The rags don’t pay anymore

The rags don’t pay anymore

MASERU – IN the second hand clothes business, the good old days are gone.
When her husband retired in 2009, ’Mabokang Makena took over as the sole provider of the family. With formal jobs hard to come by, the prospects seemed bleak.
But, in no time, life was good again – thanks to her then thriving second hand clothes business that she started in 2011. Makena would regularly cross into South Africa to buy clothes for resale back home and business was roaring.

“I could afford to pay my children’s school fees and cover the family expenses through this business,” said Makena, who is from Motimposo and sells second hand clothes in Maseru.
However, she cannot say the same today. The industry is flooded and competition has become cutthroat. For veteran informal traders such as Makena, the economic downturn has been a source of agony.
With the economy continuing to slide, many people have joined the bandwagon of cross border traders.
“Since people have no jobs, they get into this industry in large numbers,’’ said Makena.

Her competitors now include locals out of jobs, employed people seeking to supplement their incomes and foreign businesspeople who stock in large quantities and squeeze out small players.
Lesotho’s unemployment rate stands at 27.25 percent, according to the Bureau of Statistics.

Another trader, ’Mathabo Maqacana has been in the second hand clothes sector for the past six years and she has never seen business this bad.
When she started out, Maqacana said she managed to put two of her children through school but she is now struggling to pay fees for her 19-year-old lastborn as business plunges to an all-time low.
Maqacana said she at times made up to M1 000 “from one bag” but now is lucky to generate M200.

“This kind of business is in almost every corner throughout the country… this has caused overcrowding,” she said.
She added: “We cannot make money through selling the same thing, especially since we are so many in the industry,” she said.
Chinese businesspeople have also invaded the trade, making it near-impossible for small timers such as Maqacana to compete.
“If we sell an item for M80, the Chinese will sell it for M20,” she said.

She said the Chinese, who use their financial muscle to order truckloads of stock, are now the dominant players in the market.
Increasing crime levels are also affecting business, traders told thepost.
According to Makena, cross border conflicts between taxi drivers from Lesotho and South Africa are contributing significantly to the bad performance of business.

She said South African taxi drivers often waylay taxis from Lesotho to block them from entering their country.
“If they find us, they normally rob us of our stock and money,” Makena said.
Sometimes, the taxis are hijacked, she said.

“The South Africans complain that Basotho are stubborn and they have been telling them to stop delivering people in their country,” she said.
Lehlohonolo Maboka, an official from the Ministry of Small Businesses Development, said they have not received any cases of Basotho being waylaid by taxi operators in South Africa.

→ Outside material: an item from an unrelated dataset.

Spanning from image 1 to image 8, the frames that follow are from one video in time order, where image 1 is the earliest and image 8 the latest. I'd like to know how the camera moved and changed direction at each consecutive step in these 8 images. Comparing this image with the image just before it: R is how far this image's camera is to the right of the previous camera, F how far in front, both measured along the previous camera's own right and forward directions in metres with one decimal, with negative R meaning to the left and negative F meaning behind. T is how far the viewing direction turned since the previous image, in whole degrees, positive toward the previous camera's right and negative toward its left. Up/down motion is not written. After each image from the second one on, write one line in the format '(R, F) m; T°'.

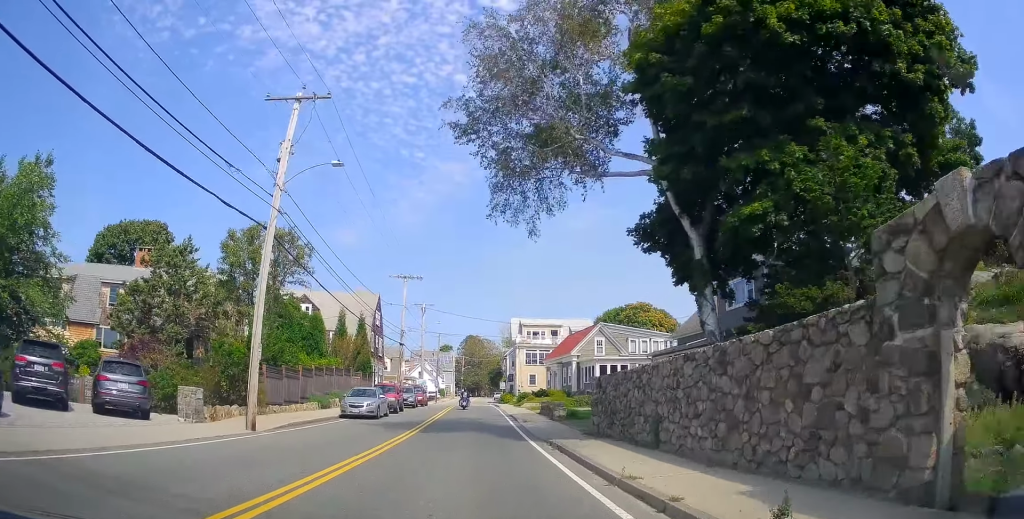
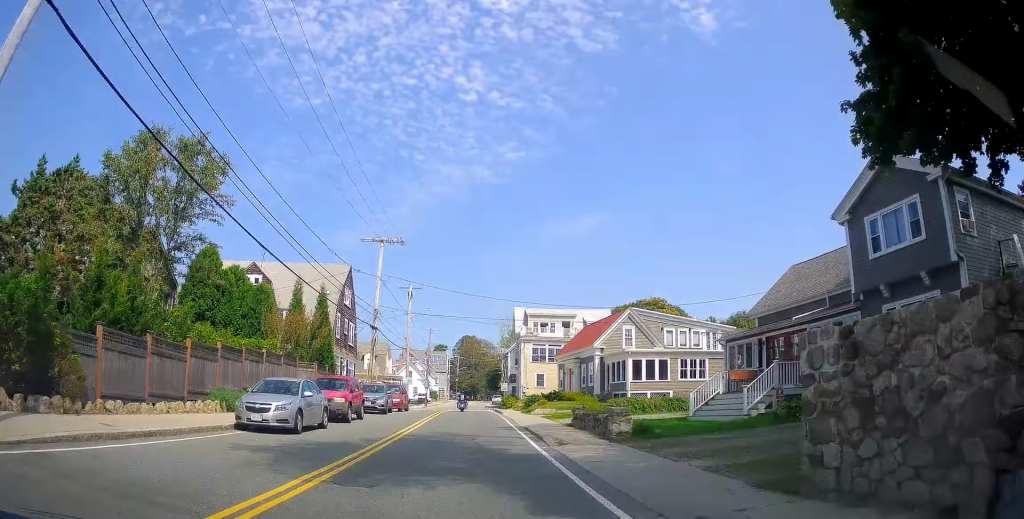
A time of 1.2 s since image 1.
(+0.2, +12.3) m; +1°
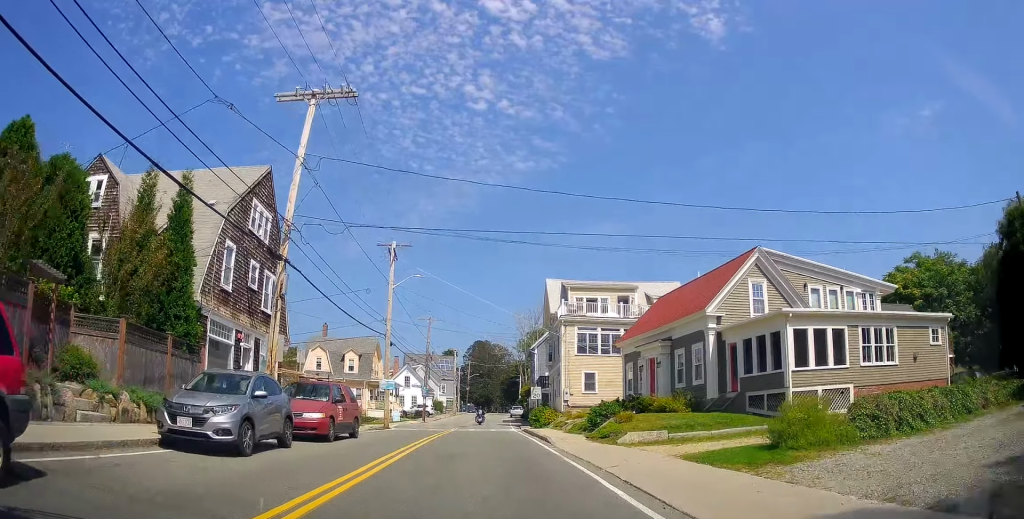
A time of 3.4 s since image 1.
(-0.4, +20.9) m; -2°
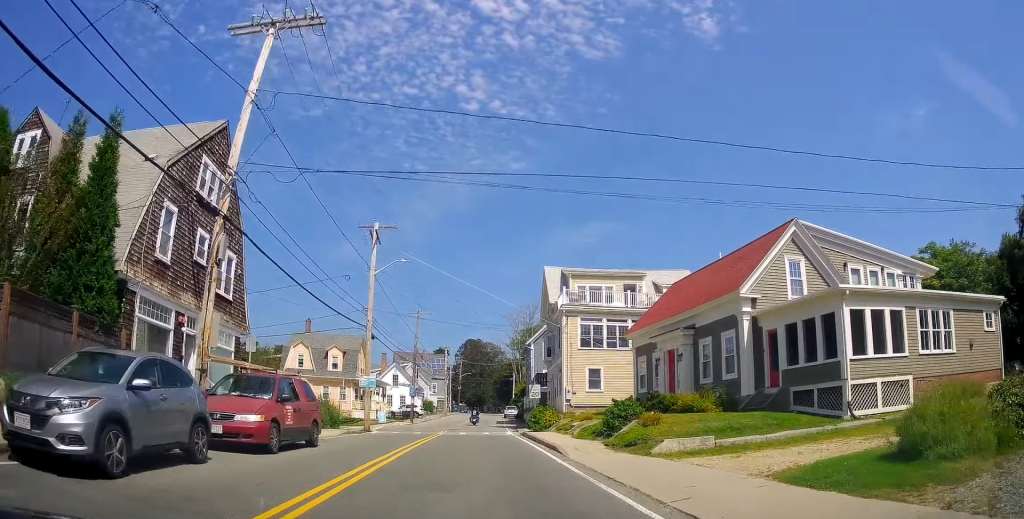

Maboka promised that the ministry will investigate the matter.

Meanwhile for Makena and other traders, the challenges go deeper. With most people spending less on items such as clothing, Makena now sells one bag of second hand clothes, unlike in the past when she sold a minimum of two. Traders usually buy a bag packed with second hand clothes for between M4 000 and M5 000 with the hope of getting about M9 000 per bag.
The profit margin normally depends on the type and quality of clothes packed in the bag, Makena said.

Despite the dangers and slowdown in business, Makena said she has “no option” but to continue otherwise her family would starve.
“Due to unemployment in Lesotho, I am the only one working in the family,” said Makena, whose husband and five adult children are all unemployed.